• **Work instruction**
Leaving out the pictures, please reproduce exactly and only the lines from the one that contains "gpt: bridge" through the last line below.

Saved entries
☆ ☆ ☆ ☆
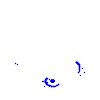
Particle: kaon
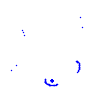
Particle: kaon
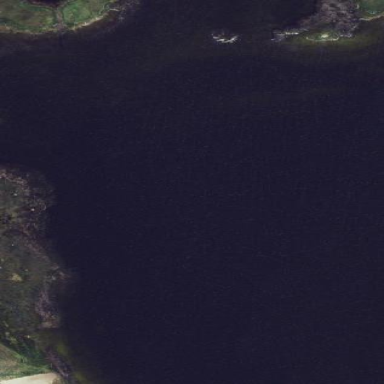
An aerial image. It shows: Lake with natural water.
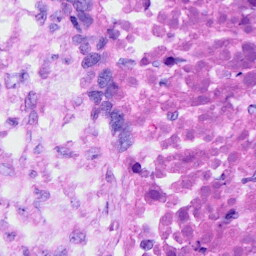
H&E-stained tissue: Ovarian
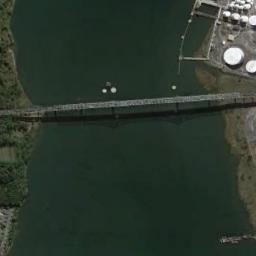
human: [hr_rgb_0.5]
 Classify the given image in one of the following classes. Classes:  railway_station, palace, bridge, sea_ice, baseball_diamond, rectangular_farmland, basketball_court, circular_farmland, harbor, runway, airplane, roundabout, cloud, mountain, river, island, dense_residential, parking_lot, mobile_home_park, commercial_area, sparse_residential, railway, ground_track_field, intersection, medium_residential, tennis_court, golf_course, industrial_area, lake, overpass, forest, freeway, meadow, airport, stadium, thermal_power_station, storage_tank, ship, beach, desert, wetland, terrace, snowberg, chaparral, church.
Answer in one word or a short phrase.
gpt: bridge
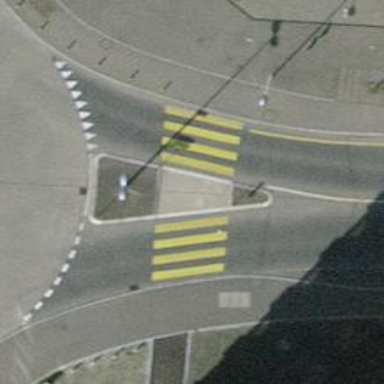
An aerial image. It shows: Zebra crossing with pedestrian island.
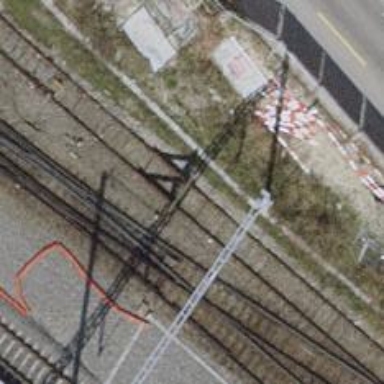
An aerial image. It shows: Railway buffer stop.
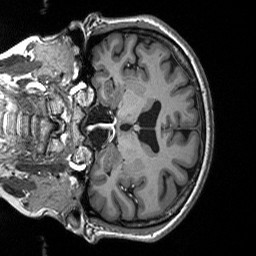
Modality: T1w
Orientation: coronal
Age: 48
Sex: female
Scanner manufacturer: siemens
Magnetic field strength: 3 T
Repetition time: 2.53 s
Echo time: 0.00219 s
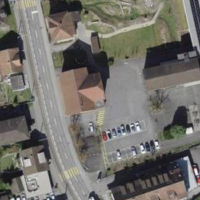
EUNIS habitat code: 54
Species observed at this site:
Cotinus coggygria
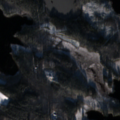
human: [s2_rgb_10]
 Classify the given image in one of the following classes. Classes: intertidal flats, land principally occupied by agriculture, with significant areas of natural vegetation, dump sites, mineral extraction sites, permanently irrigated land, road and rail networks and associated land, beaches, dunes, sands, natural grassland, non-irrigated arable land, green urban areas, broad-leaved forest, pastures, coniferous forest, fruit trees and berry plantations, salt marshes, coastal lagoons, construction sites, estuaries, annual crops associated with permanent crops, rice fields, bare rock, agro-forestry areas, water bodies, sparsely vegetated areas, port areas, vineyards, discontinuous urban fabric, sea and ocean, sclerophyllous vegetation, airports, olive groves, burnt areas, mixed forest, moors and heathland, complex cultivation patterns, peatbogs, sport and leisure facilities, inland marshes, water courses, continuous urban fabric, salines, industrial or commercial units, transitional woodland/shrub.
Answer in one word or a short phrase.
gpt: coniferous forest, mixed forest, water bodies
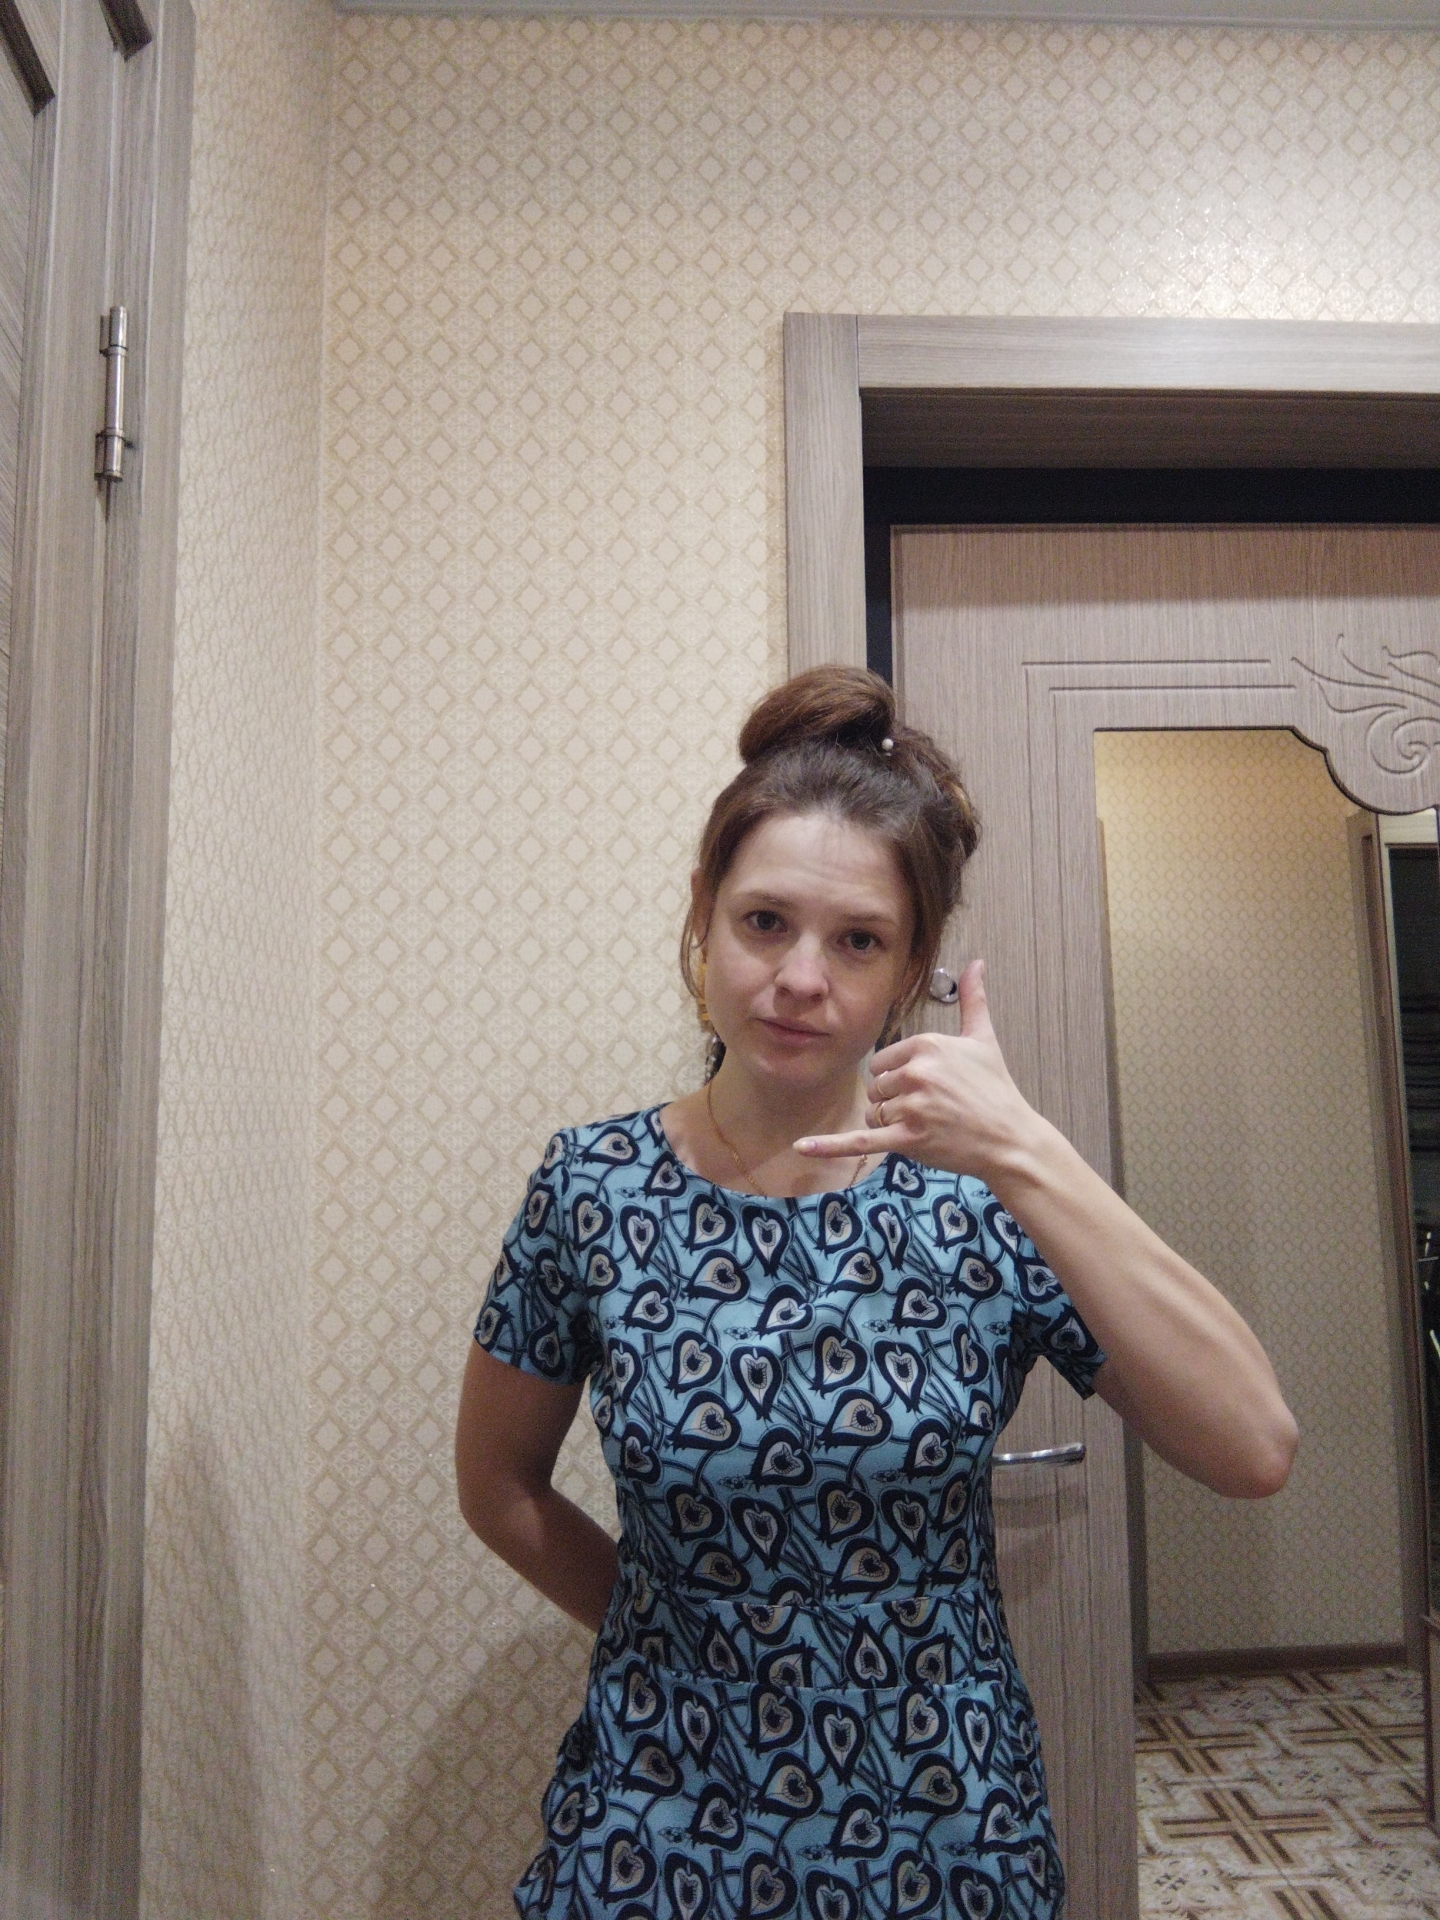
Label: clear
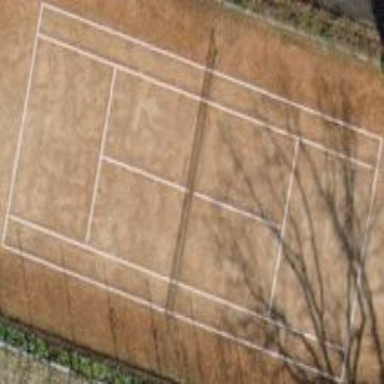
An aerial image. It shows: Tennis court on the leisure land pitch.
☆ ☆ ☆ ☆
• **Written solution**
gpt: bridge
An aerial image. It shows: Zebra crossing with pedestrian island.
An aerial image. It shows: Railway buffer stop.
Modality: T1w
Orientation: coronal
Age: 48
Sex: female
Scanner manufacturer: siemens
Magnetic field strength: 3 T
Repetition time: 2.53 s
Echo time: 0.00219 s
EUNIS habitat code: 54
Species observed at this site:
Cotinus coggygria
human: [s2_rgb_10]
 Classify the given image in one of the following classes. Classes: intertidal flats, land principally occupied by agriculture, with significant areas of natural vegetation, dump sites, mineral extraction sites, permanently irrigated land, road and rail networks and associated land, beaches, dunes, sands, natural grassland, non-irrigated arable land, green urban areas, broad-leaved forest, pastures, coniferous forest, fruit trees and berry plantations, salt marshes, coastal lagoons, construction sites, estuaries, annual crops associated with permanent crops, rice fields, bare rock, agro-forestry areas, water bodies, sparsely vegetated areas, port areas, vineyards, discontinuous urban fabric, sea and ocean, sclerophyllous vegetation, airports, olive groves, burnt areas, mixed forest, moors and heathland, complex cultivation patterns, peatbogs, sport and leisure facilities, inland marshes, water courses, continuous urban fabric, salines, industrial or commercial units, transitional woodland/shrub.
Answer in one word or a short phrase.
gpt: coniferous forest, mixed forest, water bodies
Label: clear
An aerial image. It shows: Tennis court on the leisure land pitch.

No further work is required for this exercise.